There has not yet been a single mention of increased revenues never mind of sustainable increased revenues – no indication as to how any and all of this can be paid for, initially and into the future.
Then there is Scotland’s share of the national debt – upwards of £140 BN – which we cannot in honour default on accepting and which for some years as a new state, will attract premium interest rates.
And there is the uncosted setup expense for independence, with an increased civil service, the full spectrum of administrative and management systems, equipment, running costs…
None of this is scaremongering, It is simply practical fact, openly described. All of it has been announced and is in the pubic domain.
Before any of the additional commitments listed above were made, many of them recently, the respected and independent Institute of Fiscal Studies found that Scotland’s public services spending is, at £7,932, 17% per head higher than England’s [Ed: our emphasis] – and would be unaffordable in an independent Scotland without either or both cutting spending or hiking taxes [Ed: our emphasis].
As the IFS said – and we must now add the new costs above – our commitments can only be met by borrowing or by raising taxes. There have been rumours for some time that tax hikes are planned – said mainly to be targeted on the middle class, the engine of any economy and who will emigrate – but whatever the plans, which must exist, they are being kept quiet.
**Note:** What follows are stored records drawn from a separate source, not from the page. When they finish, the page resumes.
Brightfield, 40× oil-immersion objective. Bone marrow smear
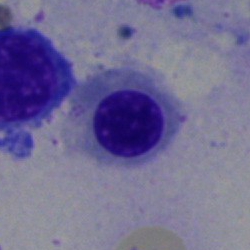This is a nucleated red blood cell.
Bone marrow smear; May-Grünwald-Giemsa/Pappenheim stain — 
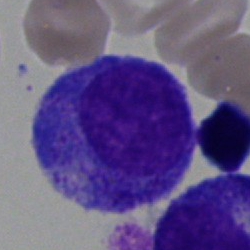 Specimen: bone marrow smear.
Cell: promyelocyte.
Lineage: myeloid.
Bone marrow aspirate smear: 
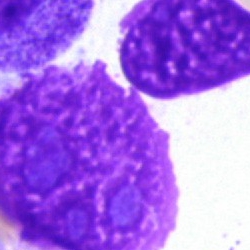Cell — artefact.
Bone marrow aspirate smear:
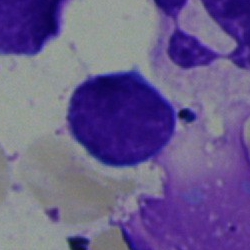
The cell type is typical lymphocyte.
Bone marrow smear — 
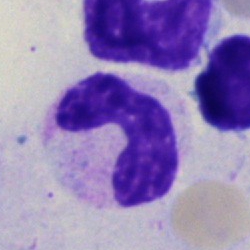Q: Identify the cell.
A: It is a segmented neutrophil.
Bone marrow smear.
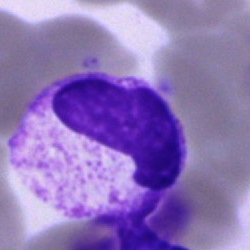Q: What cell is this?
A: It is a band-form neutrophil.
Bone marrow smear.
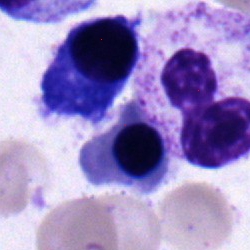Morphology → nucleated red cell.
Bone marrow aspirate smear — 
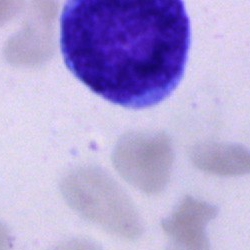

Classification = cell of indeterminate lineage.

The White Paper on Independence, due in five weeks on 26th November 2013, has no choice but to show where the money will come from to pay for our current and promised costs. If it cannot or does not do this, rhetoric, however stirring, is no substitute.
A Yes vote without such information would be wholly irresponsible, making every single person voting this way the potential ‘Plus One’ of the 50% + 1 that would take the nation into the unknown. The bravehearts would glory in this. Everyone else would pause for thought.